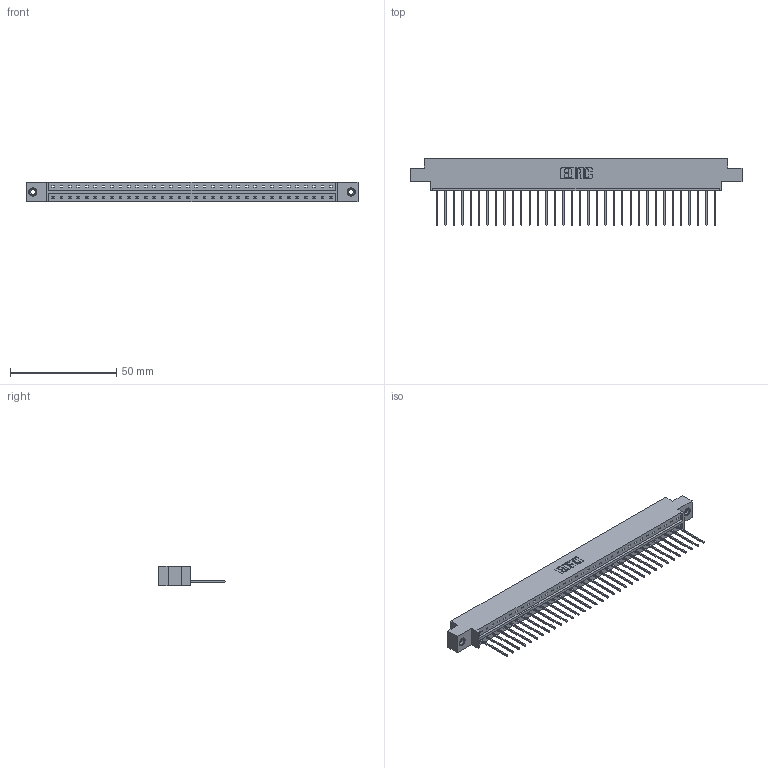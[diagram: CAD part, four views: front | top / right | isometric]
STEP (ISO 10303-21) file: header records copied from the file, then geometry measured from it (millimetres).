
FILE_DESCRIPTION (( 'STEP AP203' ), '1' );
FILE_NAME ('333-034-542-608.STEP', '2018-08-02T22:34:30', ( '' ), ( '' ), 'SwSTEP 2.0', 'SolidWorks 2016', '' );
FILE_SCHEMA (( 'CONFIG_CONTROL_DESIGN' ));
Length unit declared in the file: inch
Products named in the file (4): 333 Part_Offset - .156 Dia - TI; 345-292-001_345-293-142; 345-250-001_345-250-003-102; 333-034-542-608
Assembly tree (37 placements, depth 2):
  333-034-542-608
    333 Part_Offset - .156 Dia - TI
    345-292-001_345-293-142  x34
    345-250-001_345-250-003-102  x2
Bounding box: 156.26 x 31.63 x 9.4 mm (x, y, z)
Volume: 15496.8 mm3; surface area: 17436.8 mm2
Topology: 37 solids, 37 shells, 2150 faces, 6443 edges, 4242 vertices
Faces by surface type: plane 1534, cylinder 600, cone 12, torus 4
Entity records: 23156 total; most frequent: CARTESIAN_POINT 3979, ORIENTED_EDGE 3942, DIRECTION 3405, EDGE_CURVE 1971, LINE 1823, VECTOR 1823, VERTEX_POINT 1308, AXIS2_PLACEMENT_3D 791

▶ [Instructions to follow] From the first line to the last, retype the entries above exactly, minus the pictures.

▶ [Response]
[diagram: CAD part, four views: front | top / right | isometric]
STEP (ISO 10303-21) file: header records copied from the file, then geometry measured from it (millimetres).
FILE_DESCRIPTION (( 'STEP AP203' ), '1' );
FILE_NAME ('333-034-542-608.STEP', '2018-08-02T22:34:30', ( '' ), ( '' ), 'SwSTEP 2.0', 'SolidWorks 2016', '' );
FILE_SCHEMA (( 'CONFIG_CONTROL_DESIGN' ));
Length unit declared in the file: inch
Products named in the file (4): 333 Part_Offset - .156 Dia - TI; 345-292-001_345-293-142; 345-250-001_345-250-003-102; 333-034-542-608
Assembly tree (37 placements, depth 2):
  333-034-542-608
    333 Part_Offset - .156 Dia - TI
    345-292-001_345-293-142  x34
    345-250-001_345-250-003-102  x2
Bounding box: 156.26 x 31.63 x 9.4 mm (x, y, z)
Volume: 15496.8 mm3; surface area: 17436.8 mm2
Topology: 37 solids, 37 shells, 2150 faces, 6443 edges, 4242 vertices
Faces by surface type: plane 1534, cylinder 600, cone 12, torus 4
Entity records: 23156 total; most frequent: CARTESIAN_POINT 3979, ORIENTED_EDGE 3942, DIRECTION 3405, EDGE_CURVE 1971, LINE 1823, VECTOR 1823, VERTEX_POINT 1308, AXIS2_PLACEMENT_3D 791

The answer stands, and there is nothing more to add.